The Food and Beverages Association of Ghana (FABAG), joined by the Ghana Union of Traders Association (GUTA) and the Ghana Plastic Manufacturers Association, expressed “outrage” over the continuous tariff engagements, arguing that the soaring cost of power is not only unsustainable but actively encourages criminality.
FABAG Executive Chairman, Rev. John Awuni, noted that the current regime “punishes honest businesses and users in general and rewards inefficiency.”
“When electricity becomes unaffordable, it becomes a target for illegal access. We are fast creating a society where honest business owners are punished while defaulters and illegal users thrive,” Rev. Awuni stated.
The groups contend that honest Ghanaians are being forced to subsidize the power sector’s chronic losses, mismanagement, and corruption. This burden, they warn, is pushing manufacturers, especially SMEs and energy-intensive industries (like cold storage and factories), to scale down operations, lay off workers, or pass exorbitant costs to already “overburdened consumers.”
The associations argued that the disproportionate tariffs on productive sectors are a “clear betrayal of government’s own promise to make Ghana an industrial hub,” as they make local manufacturing uncompetitive and imports more attractive.
Rev.
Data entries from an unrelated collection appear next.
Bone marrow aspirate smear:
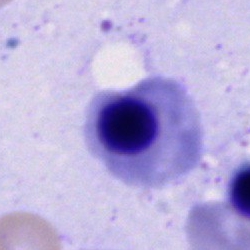Specimen: bone marrow aspirate smear.
Cell type: erythroblast.
Lineage: erythroid.
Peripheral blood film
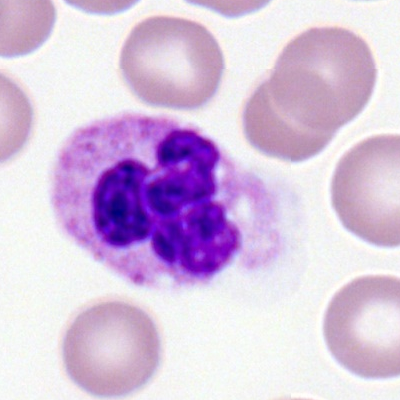
The cell shown is a segmented neutrophil.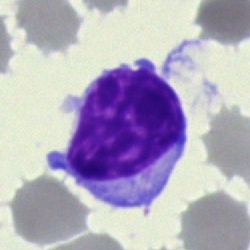Morphological class: lymphocyte.
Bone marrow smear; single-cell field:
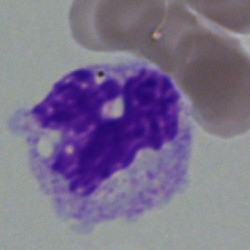Showing a polymorphonuclear neutrophil.
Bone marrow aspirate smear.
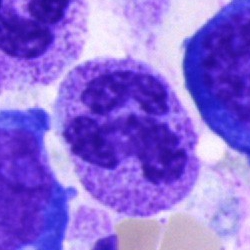
{"cell_type": "segmented neutrophil"}
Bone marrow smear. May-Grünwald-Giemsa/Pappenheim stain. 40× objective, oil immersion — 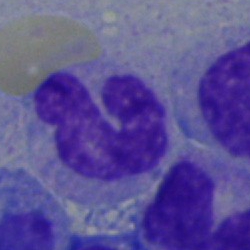Q: What type of cell is this?
A: This is a monocyte.
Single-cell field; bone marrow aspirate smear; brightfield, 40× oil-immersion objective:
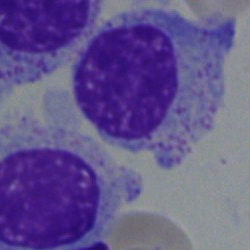 Morphological class — myelocyte.
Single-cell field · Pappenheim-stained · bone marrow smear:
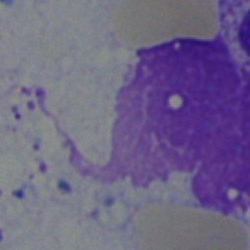

Morphology → artifact.
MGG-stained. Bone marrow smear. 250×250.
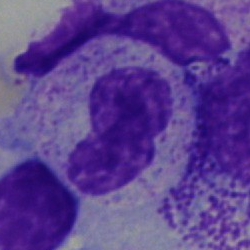 Single cell identified as a band neutrophil.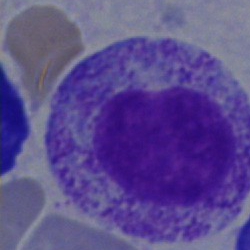{"cell_type": "myelocyte", "lineage": "myeloid"}
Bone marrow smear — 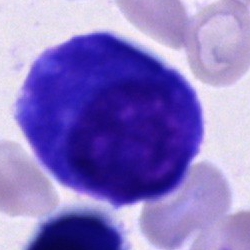

Cell: plasma cell.
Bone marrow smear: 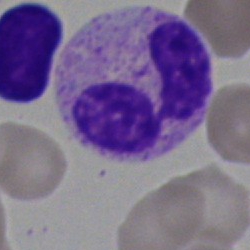 Cell type: segmented neutrophil.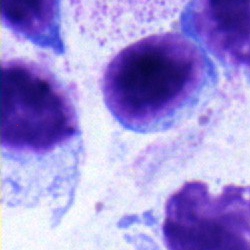The cell shown is a lymphocyte.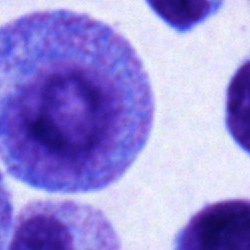Specimen: bone marrow smear.
Cell: progranulocyte.
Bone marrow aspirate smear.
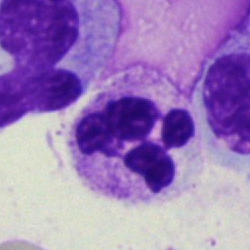Cell = polymorphonuclear neutrophil.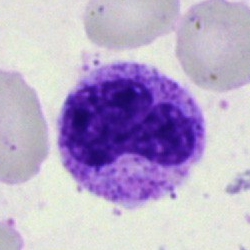Q: What is the morphological classification of this cell?
A: A neutrophil (band).
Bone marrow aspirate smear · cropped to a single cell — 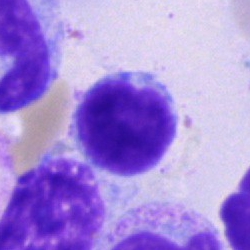Lymphocyte.
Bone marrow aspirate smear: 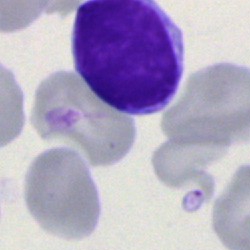A typical lymphocyte.
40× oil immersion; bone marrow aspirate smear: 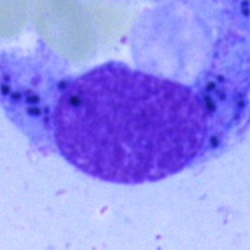
The cell is artefact.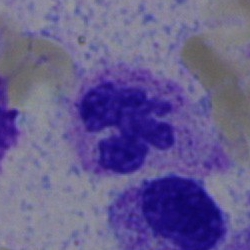 Impression — polymorphonuclear neutrophil.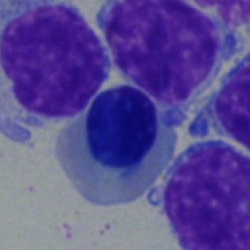

{"cell_type": "nucleated red cell", "lineage": "erythroid"}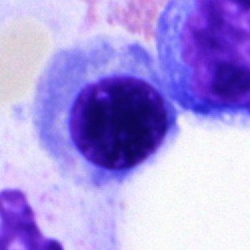

Showing a normoblast.

Awuni stressed that pursuing tariff increases without fixing internal problems is futile, comparing it to “pouring water into a leaking bucket.”
“No amount of higher tariffs can sustainably compensate for the inefficiency, mismanagement, poor revenue collection, bad debts, poor workers attitude and corruption in our Utilities,” he asserted.
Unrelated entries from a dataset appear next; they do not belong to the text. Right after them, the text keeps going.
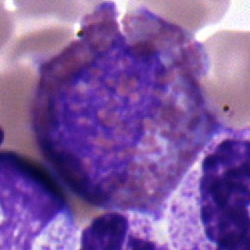

Specimen: bone marrow aspirate smear.
Cell: eosinophil.
Lineage: myeloid.
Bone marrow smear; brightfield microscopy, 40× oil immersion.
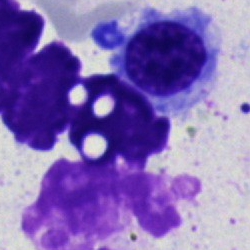
Q: What type of cell is this?
A: This is a nucleated red blood cell.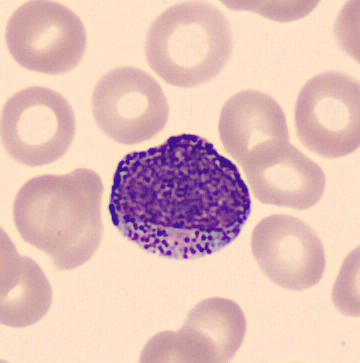 The cell type is progranulocyte. Image: Single-cell crop. May-Grünwald-Giemsa-stained. Peripheral blood smear.
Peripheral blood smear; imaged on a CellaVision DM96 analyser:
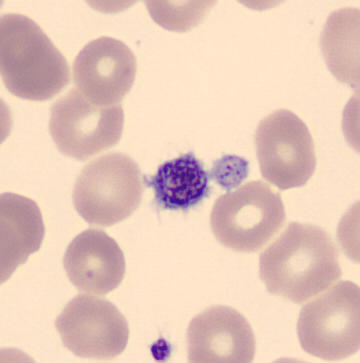

Specimen: peripheral blood smear.
Classification: platelet.
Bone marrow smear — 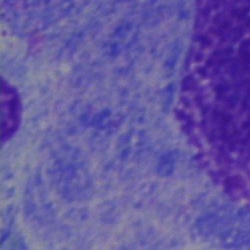 Cell type — artefact.
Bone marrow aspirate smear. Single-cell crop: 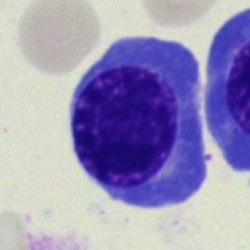
Q: What cell is this?
A: This is an erythroblast.
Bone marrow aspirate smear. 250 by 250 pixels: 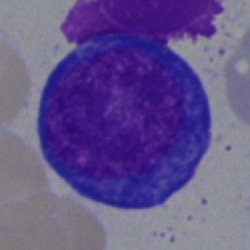

Classification — nucleated red cell.
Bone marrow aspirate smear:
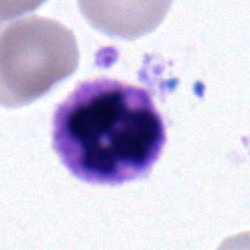Morphological class — neutrophil (segmented).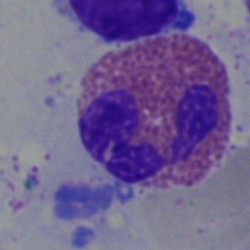
Impression → eosinophil.
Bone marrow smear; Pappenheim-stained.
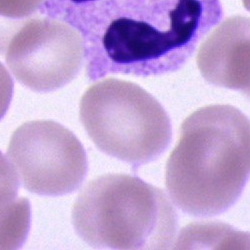

Single cell identified as a neutrophil (segmented).
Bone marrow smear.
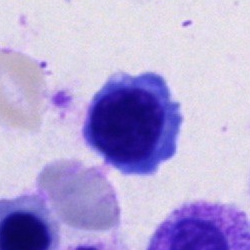
Q: What cell is this?
A: Nucleated red cell.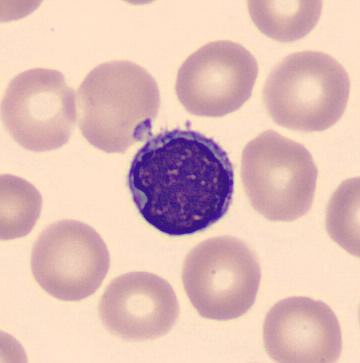 Impression — lymphocyte.
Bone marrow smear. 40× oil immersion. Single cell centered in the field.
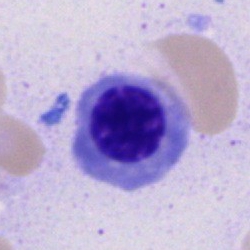

Classification = nucleated red blood cell.
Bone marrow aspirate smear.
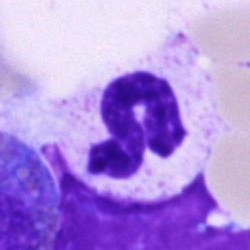
Cell = stab cell.
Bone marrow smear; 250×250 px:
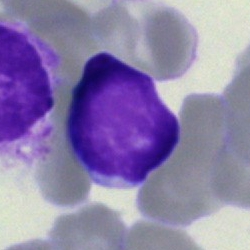 Impression — typical lymphocyte.
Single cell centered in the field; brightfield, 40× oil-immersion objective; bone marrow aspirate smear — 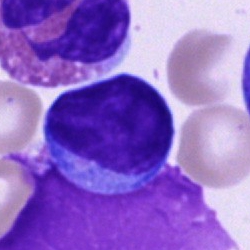

The cell shown is a typical lymphocyte.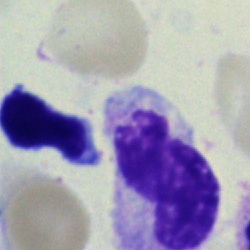
Specimen: bone marrow smear.
Classification: segmented neutrophil.
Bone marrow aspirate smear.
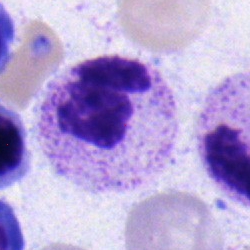
Morphological class — segmented neutrophil.
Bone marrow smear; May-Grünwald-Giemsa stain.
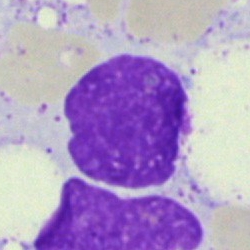

Q: What is shown here?
A: This is an artifact.
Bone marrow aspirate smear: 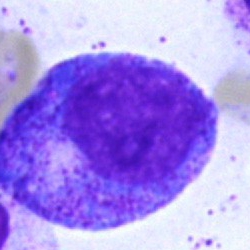
Q: What cell is this?
A: It is a promyelocyte.
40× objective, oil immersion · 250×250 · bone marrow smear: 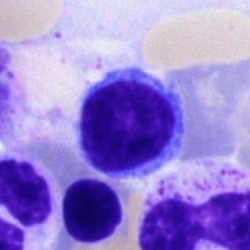Impression → typical lymphocyte.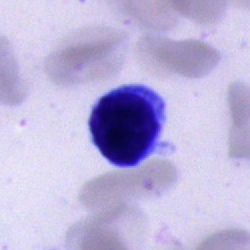Cell type: unidentifiable cell.

The business coalition is demanding immediate and comprehensive reforms from the government and the PURC, calling for a shift from punishing consumers to fixing systemic problems. Their core demands include:
- A full audit of the real cost of power production and distribution.
- A simplified, transparent tariff structure that rewards efficiency and productive use.
- Urgent relief for businesses, particularly in manufacturing and agribusiness.
- An aggressive crackdown on internal waste and corruption in the power sector, not just illegal connections.
- Implementation of quantifiable internal or operational cost-cutting measures.
The statement concluded with an appeal to President John Mahama to “act now,” declaring, “Electricity must empower not impoverish.”